-- Data excerpt --
------------------------------------------------------------------------

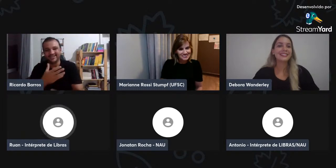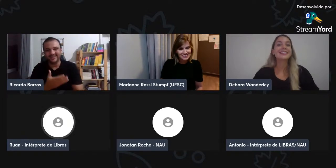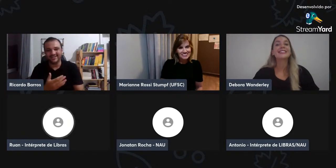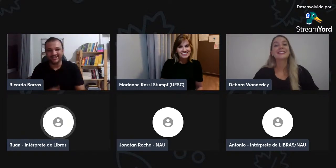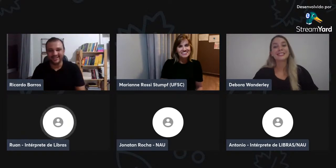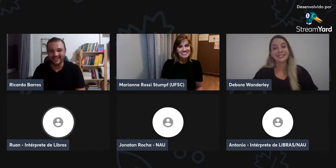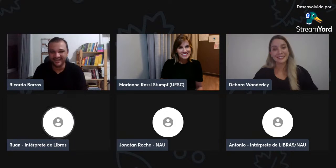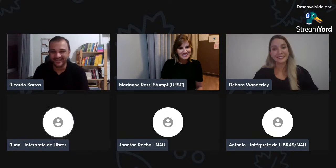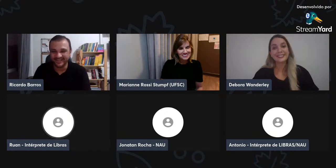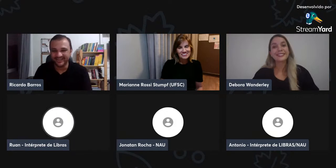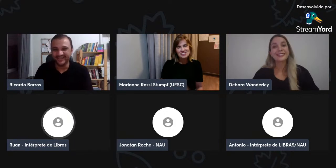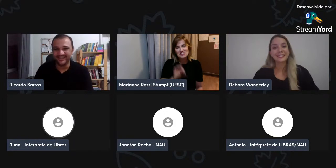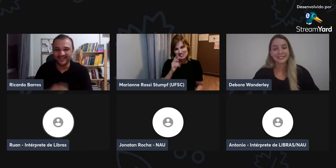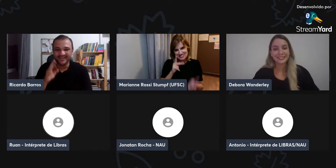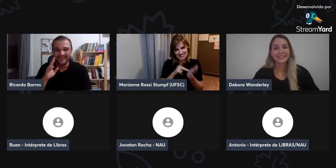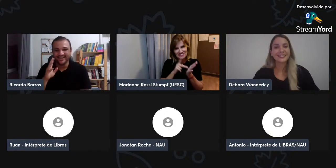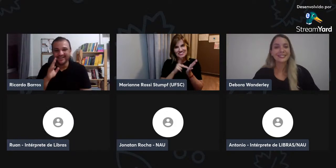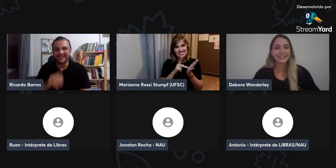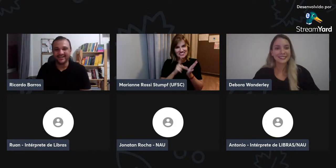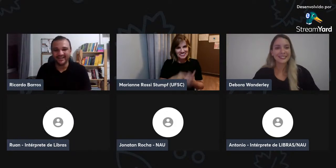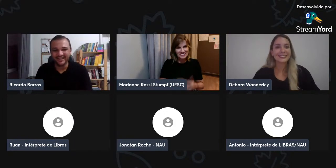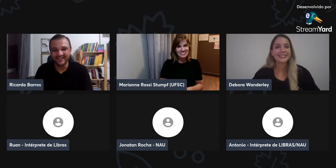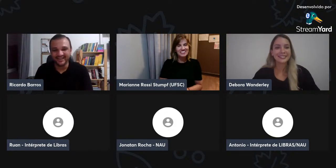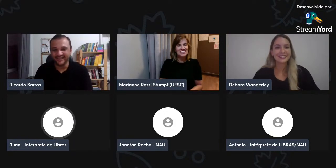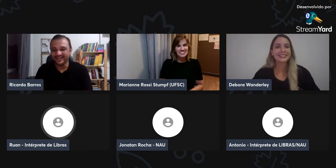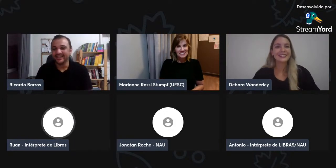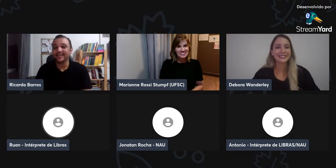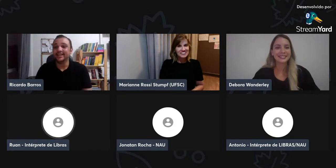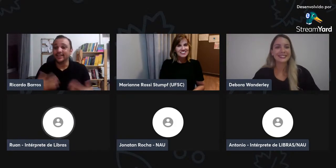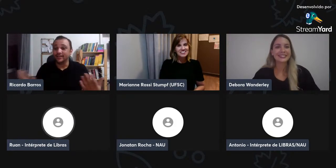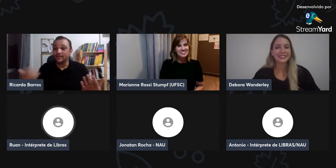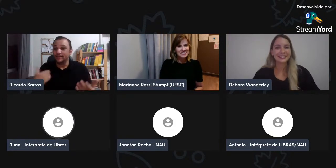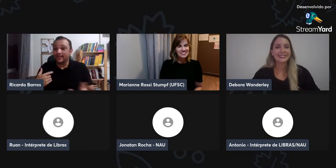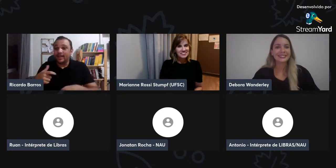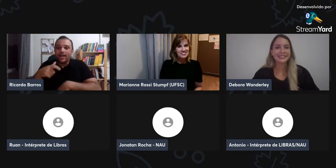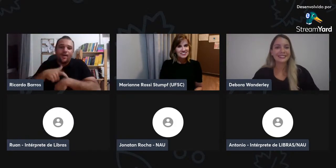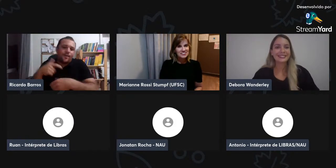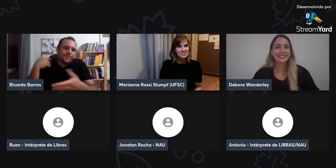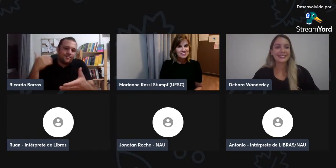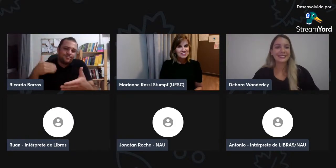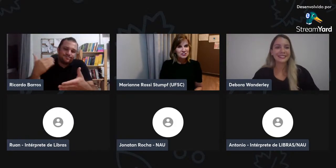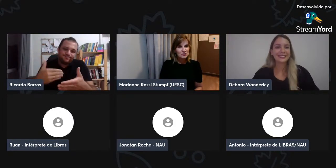muito interessante, essa escrita. É verdade. Muito bom, muito legal.
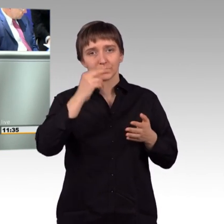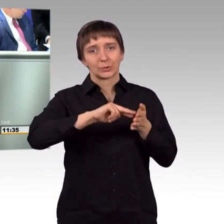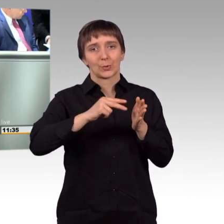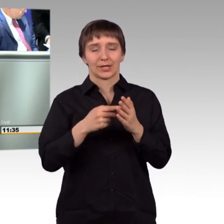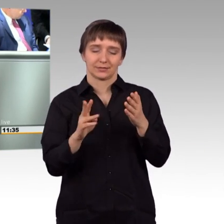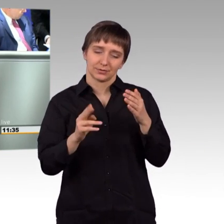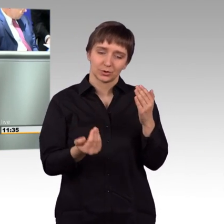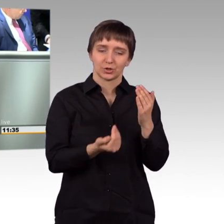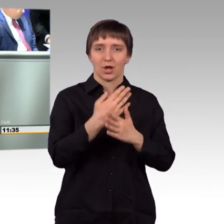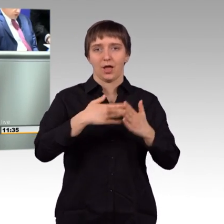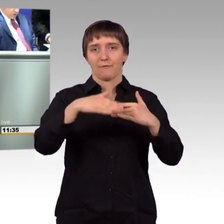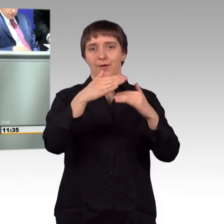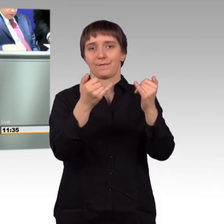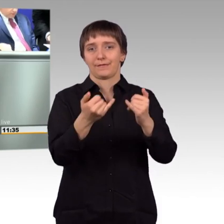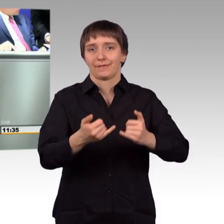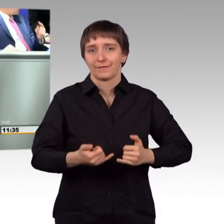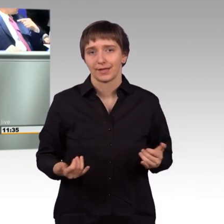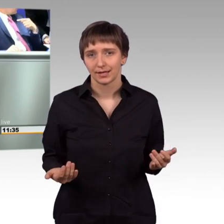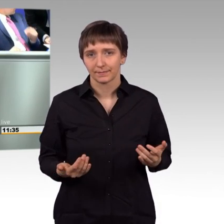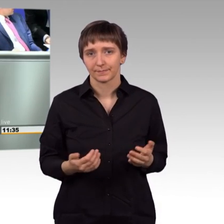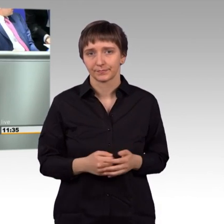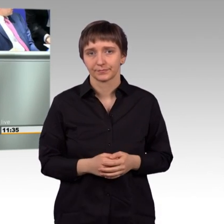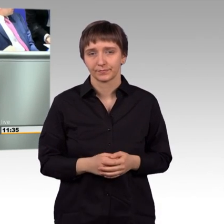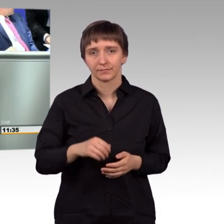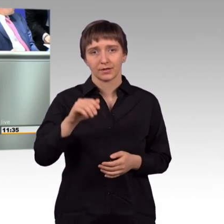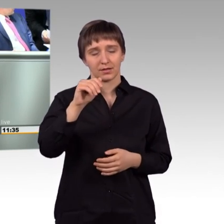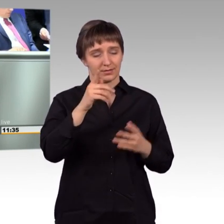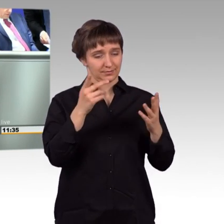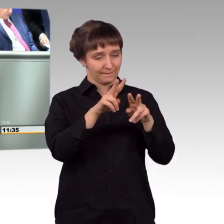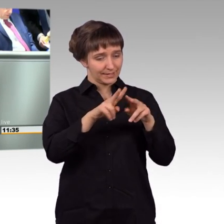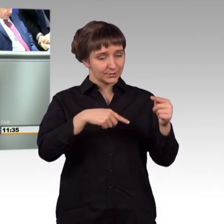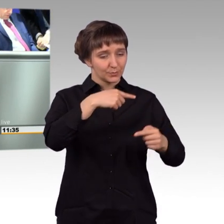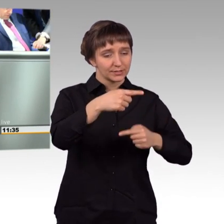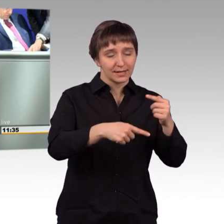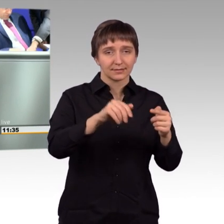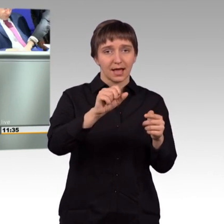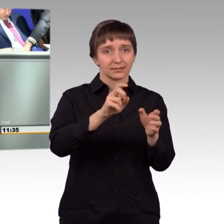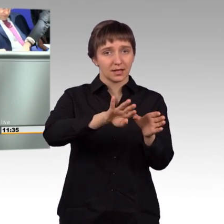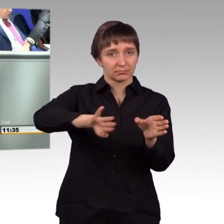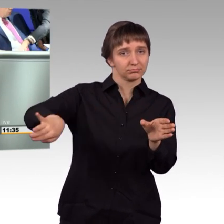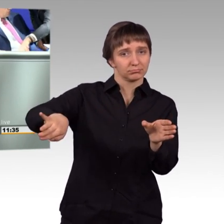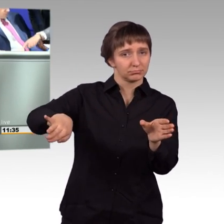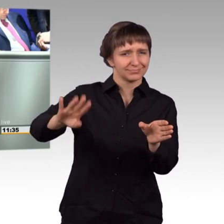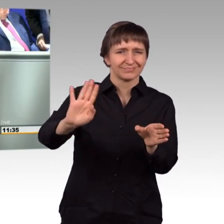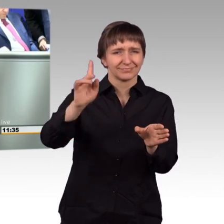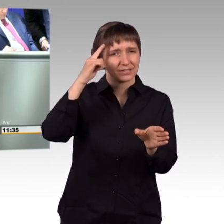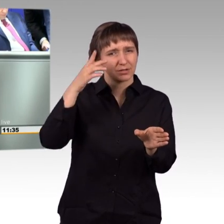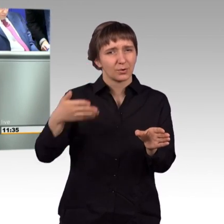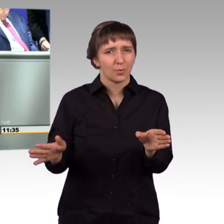Es macht doch keinen Sinn, Assad aus dem Friedensprozess auszuklammern. Außenpolitik, erfolgreiche
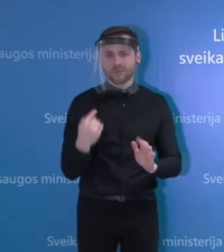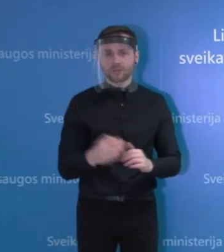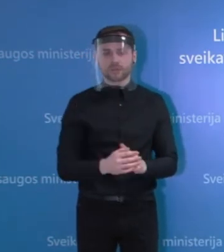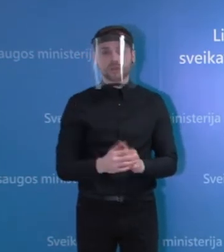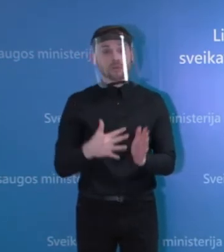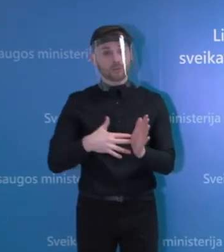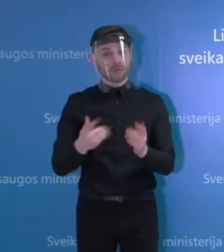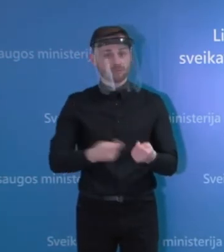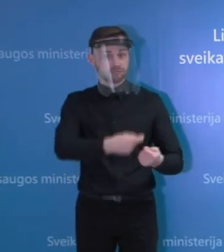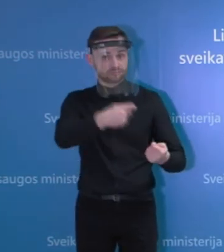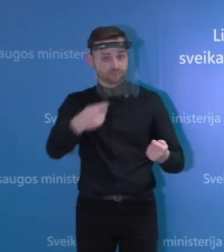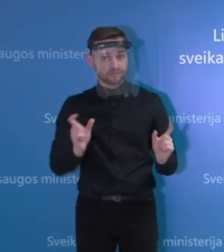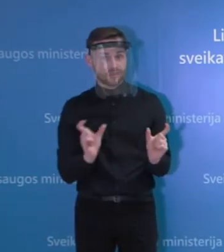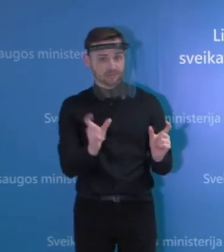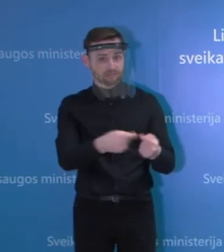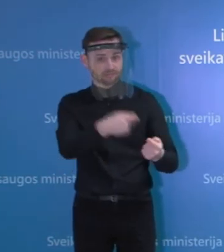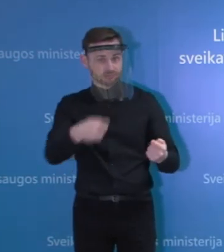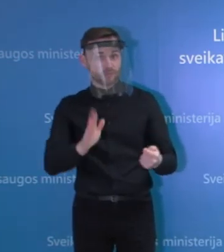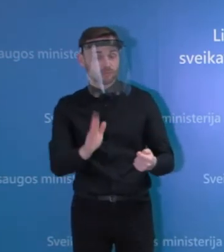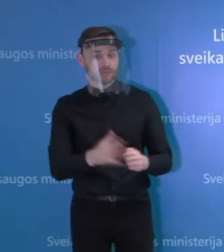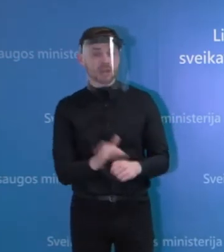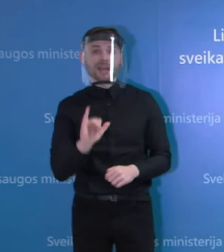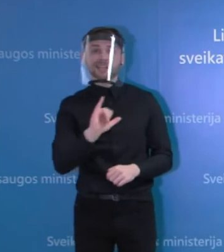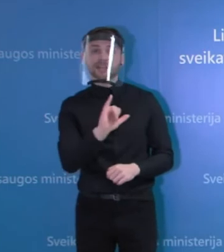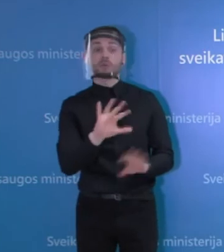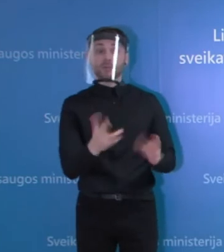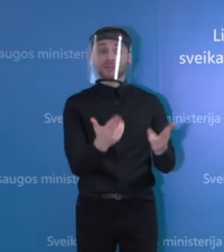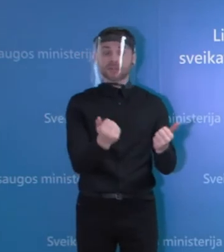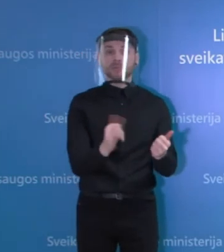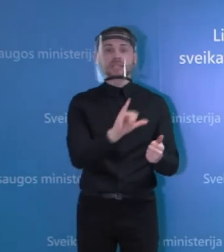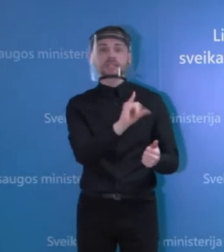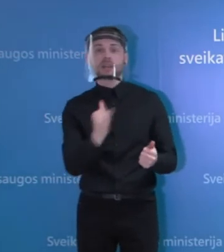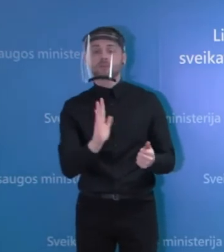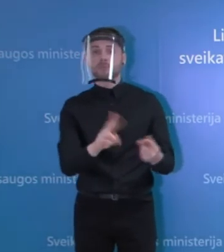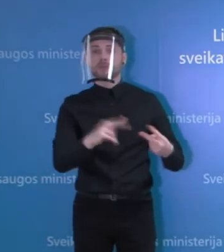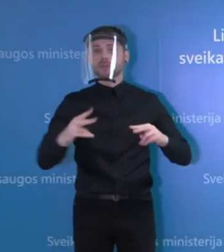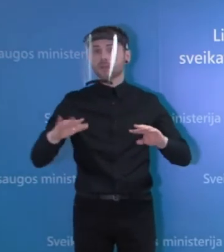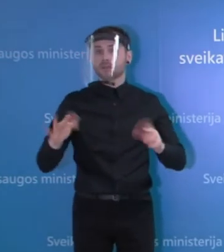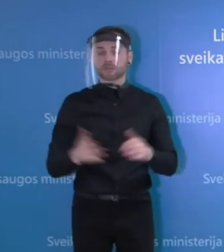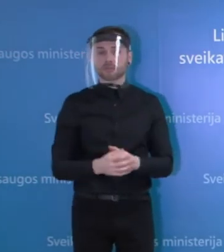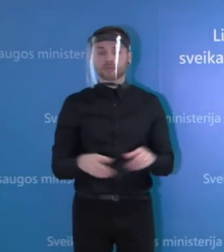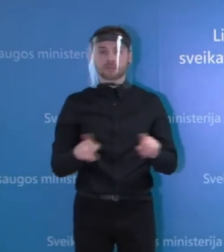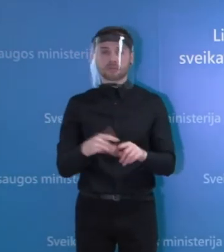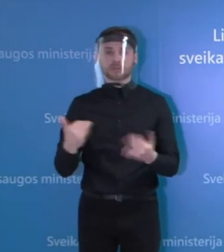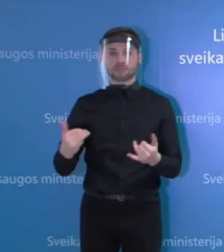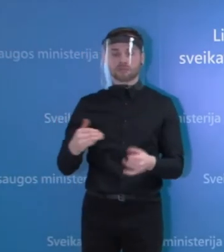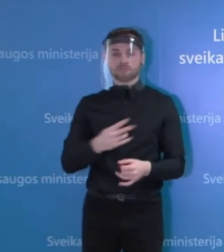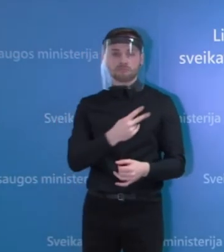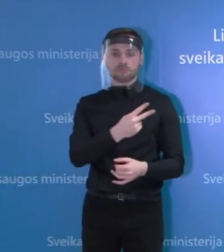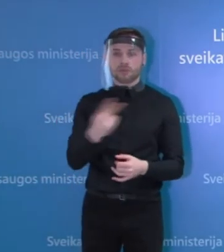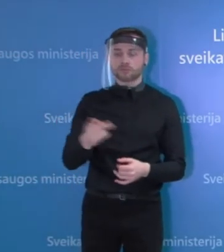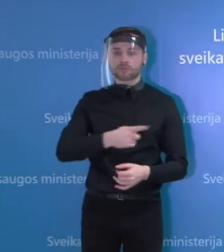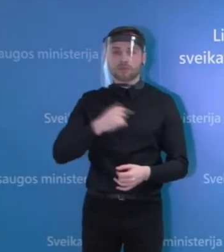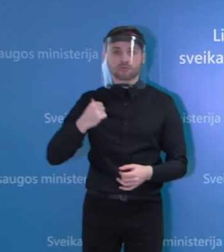jūloma pratesti karantiną ir jai taip, kokiomis sąlygomis, matome, čia tai išaugusi skaičių,

------------------------------------------------------------------------

-- Task description --
Output the data verbatim, images excluded.

-- Exercise result --
muito interessante, essa escrita. É verdade. Muito bom, muito legal.
Es macht doch keinen Sinn, Assad aus dem Friedensprozess auszuklammern. Außenpolitik, erfolgreiche
jūloma pratesti karantiną ir jai taip, kokiomis sąlygomis, matome, čia tai išaugusi skaičių,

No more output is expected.